Парадная площадь
Мужчины и женщины Ирины Соколовой
Народную артистку России Ирину Соколову знают все театральные люди Петербурга. Многие выросли на ее ТЮЗовских ролях, ставших хрестоматийными для детского театра. Но Ирина Леонидовна смогла сделать то, что удавалось мало кому из актрис амплуа травести — она стала крупнейшим мастером «взрослого» театра.
Сегодня Ирина Соколова — одна из самых занятых, востребованных актрис Санкт-Петербурга. Мы видим ее в спектаклях разных театров — от Большого драматического имени Георгия Товстоногова до «Русской антрепризы» имени Андрея Миронова.

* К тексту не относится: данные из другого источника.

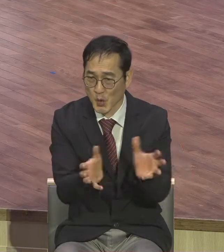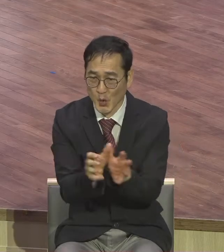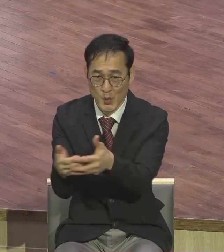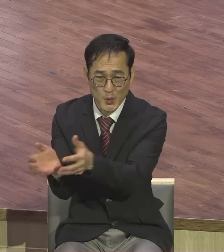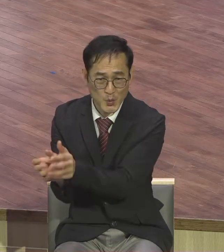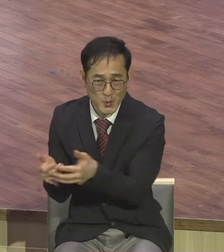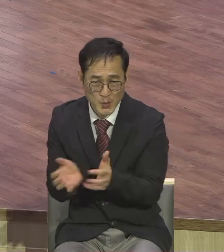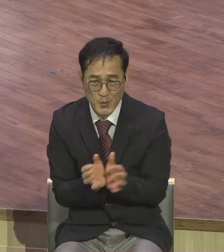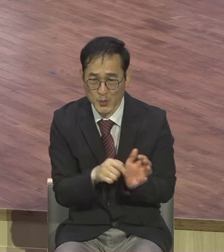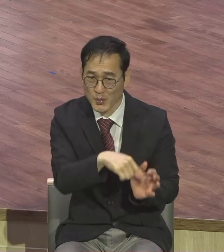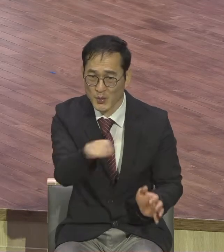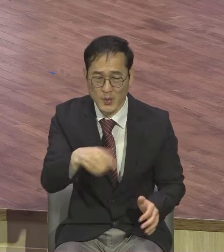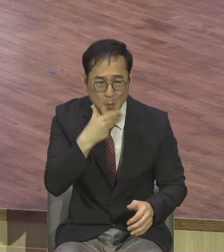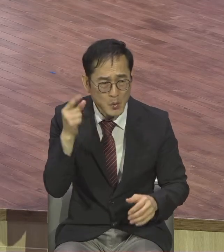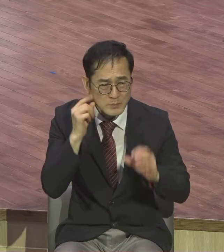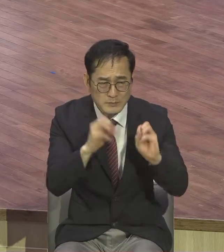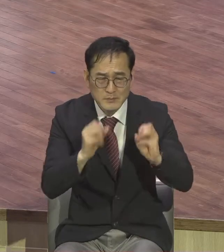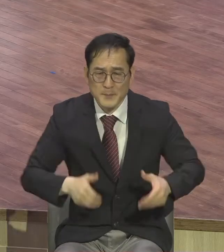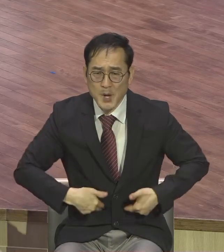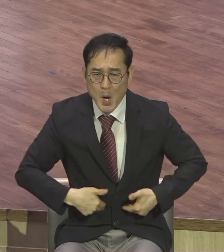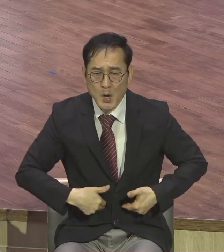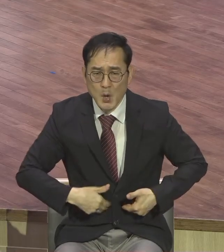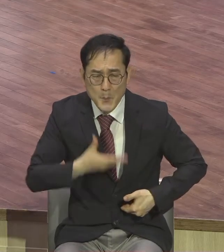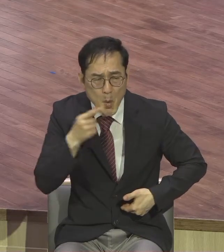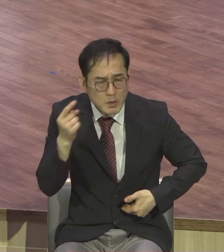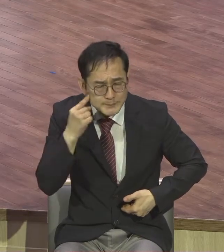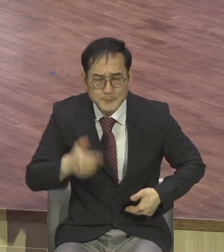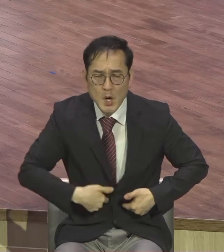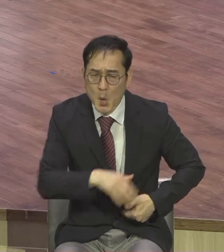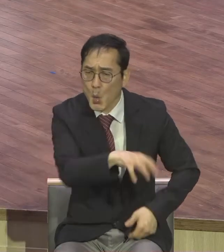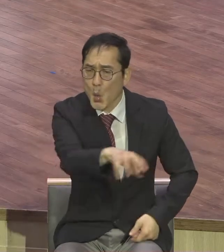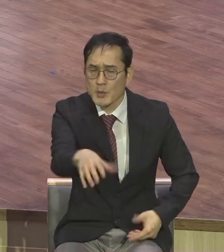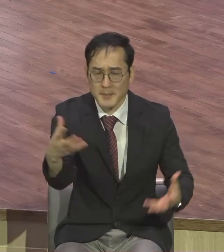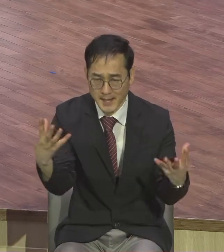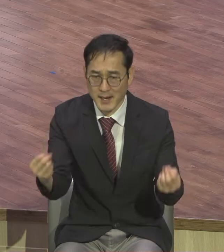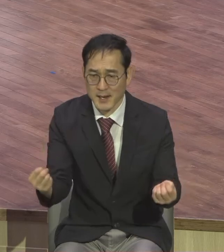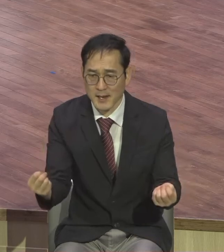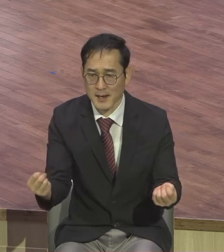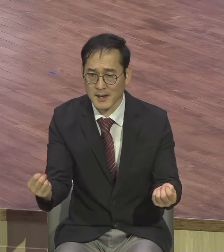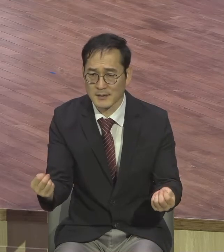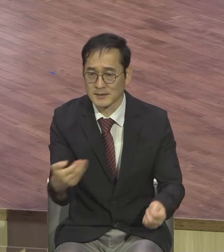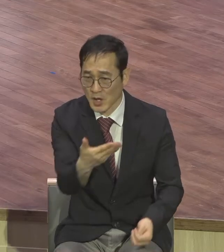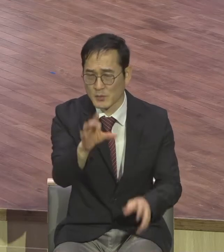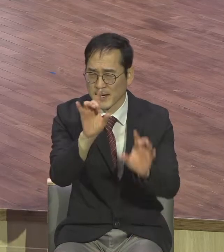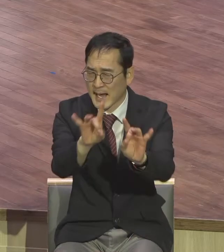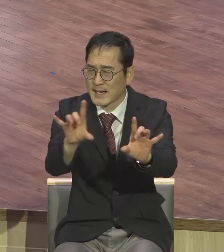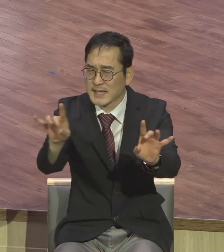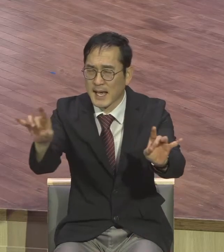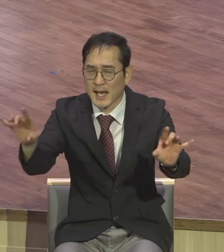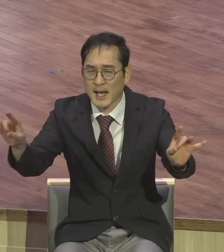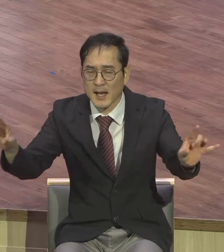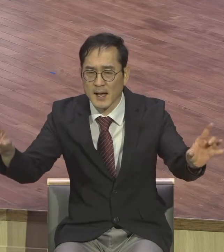그렇기 때문에 여러분 한 사람이 중요합니다 한 사람이 중요해요

В Соколовой всегда был актерский кураж, толкающий на неожиданные эксперименты. Чего стоит, например, Геббельс в «Молохе» Александра Сокурова. Вот и сейчас она готовится сыграть одного из героев Набокова (мужскую роль!) в проекте Экспериментальной сцены под руководством Анатолия Праудина Театра-фестиваля «Балтийский дом». Судя по всему, эта постановка известного режиссера и выдающегося театрального педагога Вениамина Фильштинского будет необычной. Зрителю откроется собственно процесс создания роли, возможным станет наблюдать за преображениями актрисы — ее превращением в набоковского персонажа.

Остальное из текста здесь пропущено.